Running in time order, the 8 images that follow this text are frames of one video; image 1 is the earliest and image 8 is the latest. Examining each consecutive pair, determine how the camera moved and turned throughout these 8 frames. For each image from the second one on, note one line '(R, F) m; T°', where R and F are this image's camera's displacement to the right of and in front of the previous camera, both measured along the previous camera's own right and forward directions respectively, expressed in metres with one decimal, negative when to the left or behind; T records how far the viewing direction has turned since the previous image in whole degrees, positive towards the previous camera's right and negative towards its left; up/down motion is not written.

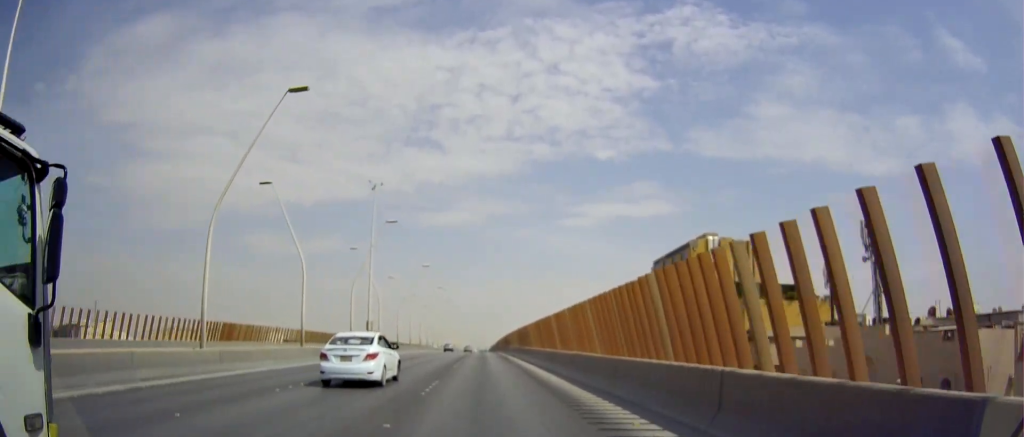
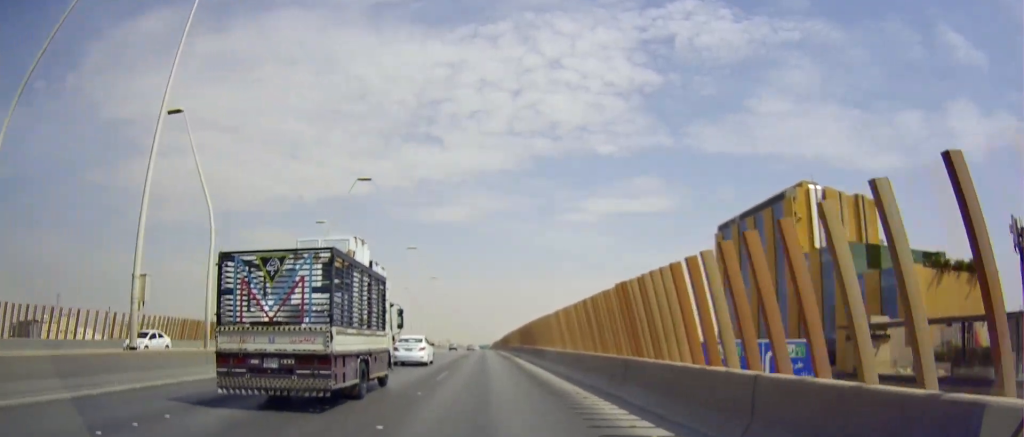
(+0.2, +37.3) m; +2°
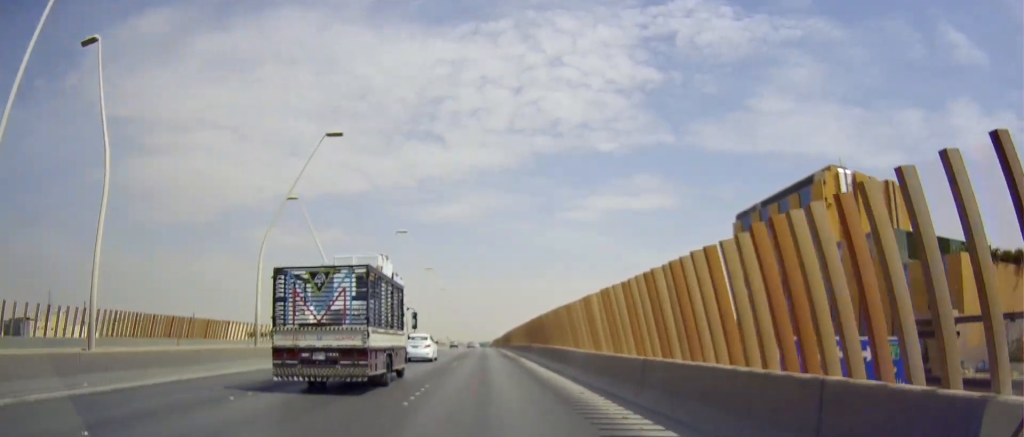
(+0.2, +7.5) m; -1°
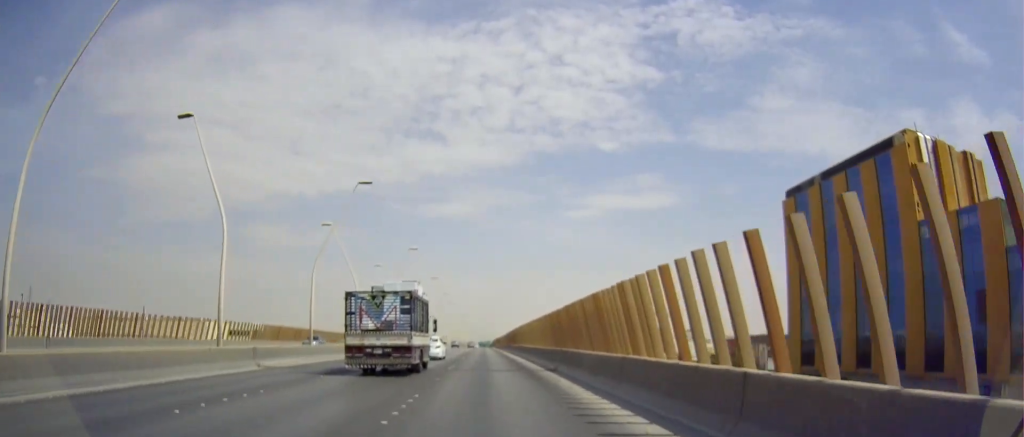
(-0.6, +16.6) m; -2°
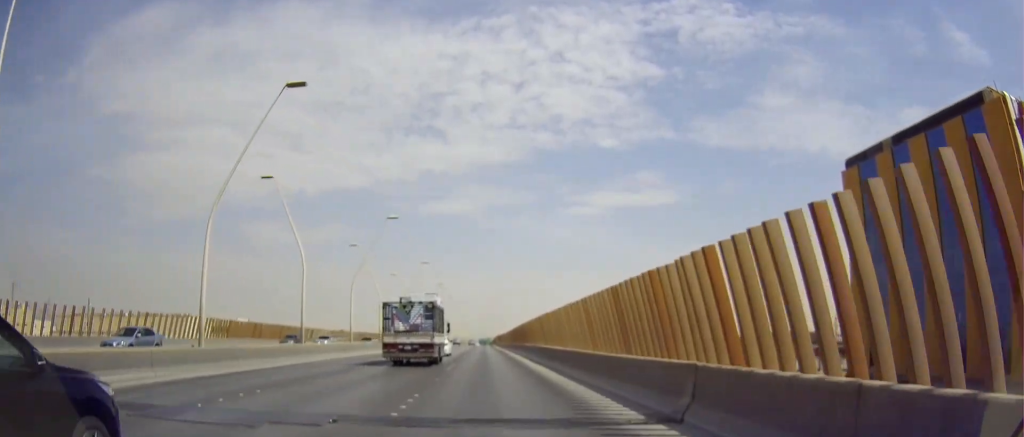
(+0.1, +14.8) m; 0°
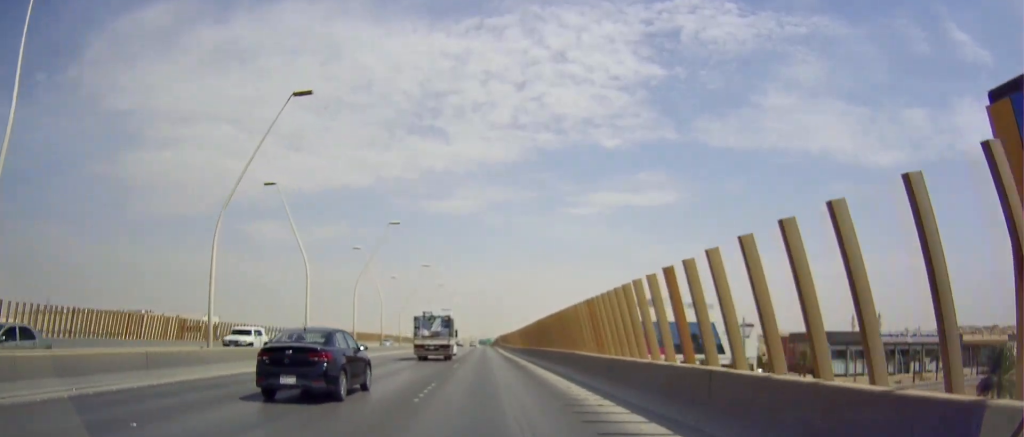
(+0.1, +25.1) m; +1°
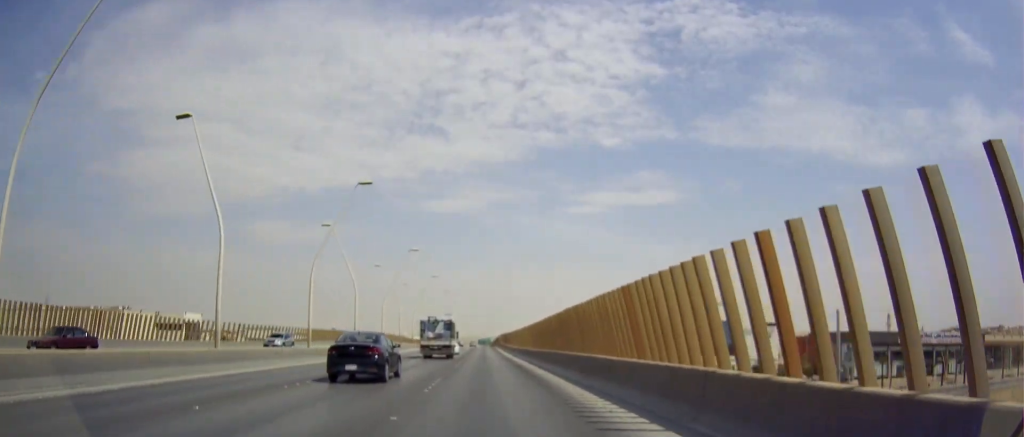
(+0.3, +12.0) m; 0°
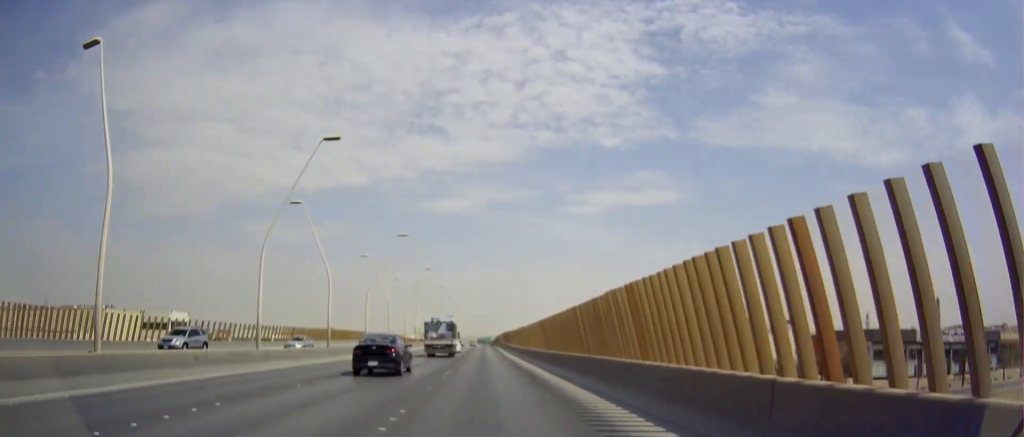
(-0.1, +7.9) m; 0°

-=-=-

Task objective |
Print out each record exactly as shown, but keep the pictures out.

Response area |
Running in time order, the 8 images that follow this text are frames of one video; image 1 is the earliest and image 8 is the latest. Examining each consecutive pair, determine how the camera moved and turned throughout these 8 frames. For each image from the second one on, note one line '(R, F) m; T°', where R and F are this image's camera's displacement to the right of and in front of the previous camera, both measured along the previous camera's own right and forward directions respectively, expressed in metres with one decimal, negative when to the left or behind; T records how far the viewing direction has turned since the previous image in whole degrees, positive towards the previous camera's right and negative towards its left; up/down motion is not written.

(+0.2, +37.3) m; +2°
(+0.2, +7.5) m; -1°
(-0.6, +16.6) m; -2°
(+0.1, +14.8) m; 0°
(+0.1, +25.1) m; +1°
(+0.3, +12.0) m; 0°
(-0.1, +7.9) m; 0°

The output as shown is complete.